Thinking about the severe rendering performance degradation, it occurred to me that even though the really LARGE pattern that required the probelmatice 1.5Gb MaxPatternBitmap value, all but this case of patterns could get by with less than 100M (determined with debugger) and that setting a larger BufferSpace may also improve performance. With the command line options: -r600 -dMaxBitmap=10000 -dMaxPatternBitmap=100000000 -dBufferSpace=100000000 -sDEVICE=pnmraw -o /dev/null -Z: Bug692158.pdf This file COMPLETED in 10098 seconds (rendering time is 1412 seconds).
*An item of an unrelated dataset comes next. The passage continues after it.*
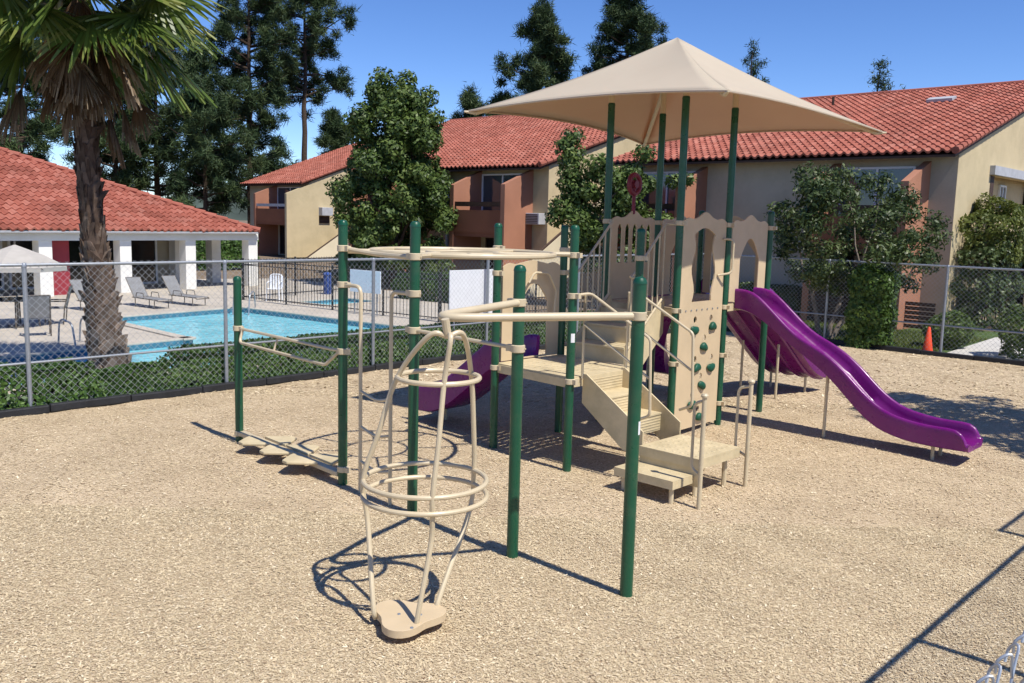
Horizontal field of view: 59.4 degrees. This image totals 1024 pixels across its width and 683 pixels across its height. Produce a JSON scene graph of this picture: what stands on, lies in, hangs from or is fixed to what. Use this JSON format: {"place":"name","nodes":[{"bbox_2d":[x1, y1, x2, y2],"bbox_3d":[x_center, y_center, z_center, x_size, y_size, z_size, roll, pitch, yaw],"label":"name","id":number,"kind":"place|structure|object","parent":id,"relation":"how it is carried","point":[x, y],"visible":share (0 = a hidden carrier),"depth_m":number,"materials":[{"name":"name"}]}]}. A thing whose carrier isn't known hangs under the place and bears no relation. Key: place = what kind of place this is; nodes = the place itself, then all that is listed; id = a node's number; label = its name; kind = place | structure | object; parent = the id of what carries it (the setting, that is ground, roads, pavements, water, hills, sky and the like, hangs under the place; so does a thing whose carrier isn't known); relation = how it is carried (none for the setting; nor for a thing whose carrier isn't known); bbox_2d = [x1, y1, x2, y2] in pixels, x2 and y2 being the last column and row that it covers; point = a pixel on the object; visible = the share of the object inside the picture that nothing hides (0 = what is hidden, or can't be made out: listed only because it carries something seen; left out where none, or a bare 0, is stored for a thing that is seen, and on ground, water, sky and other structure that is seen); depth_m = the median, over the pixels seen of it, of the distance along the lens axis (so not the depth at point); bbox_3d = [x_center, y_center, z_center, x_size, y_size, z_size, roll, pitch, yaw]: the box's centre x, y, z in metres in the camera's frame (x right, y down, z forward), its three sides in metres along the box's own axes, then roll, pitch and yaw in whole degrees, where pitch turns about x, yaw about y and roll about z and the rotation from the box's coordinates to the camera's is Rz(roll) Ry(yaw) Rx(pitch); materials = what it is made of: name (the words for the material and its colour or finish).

At 300 dpi, the total time is: (and the Outputpage start time is 4060 and the rendering time is only 64 seconds. It seems that keeping all but the largest pattern as bitmap rather than clist really improves the rendering time to where it is reasonable. Given the relatively unusual (and stressful) nature of this file that does 60K imagemask fills with a VERY large are pattern, I think that further work on this is not warranted. Note that with a 64-bit build, using -dMaxPatternBitmap=1500000000 the 600dpi file completes in 49 seconds (Outputpage start time at 21 seconds), so using a 64-bit build is also a way to achieve even better performance than the parameters above with a 32-bit build.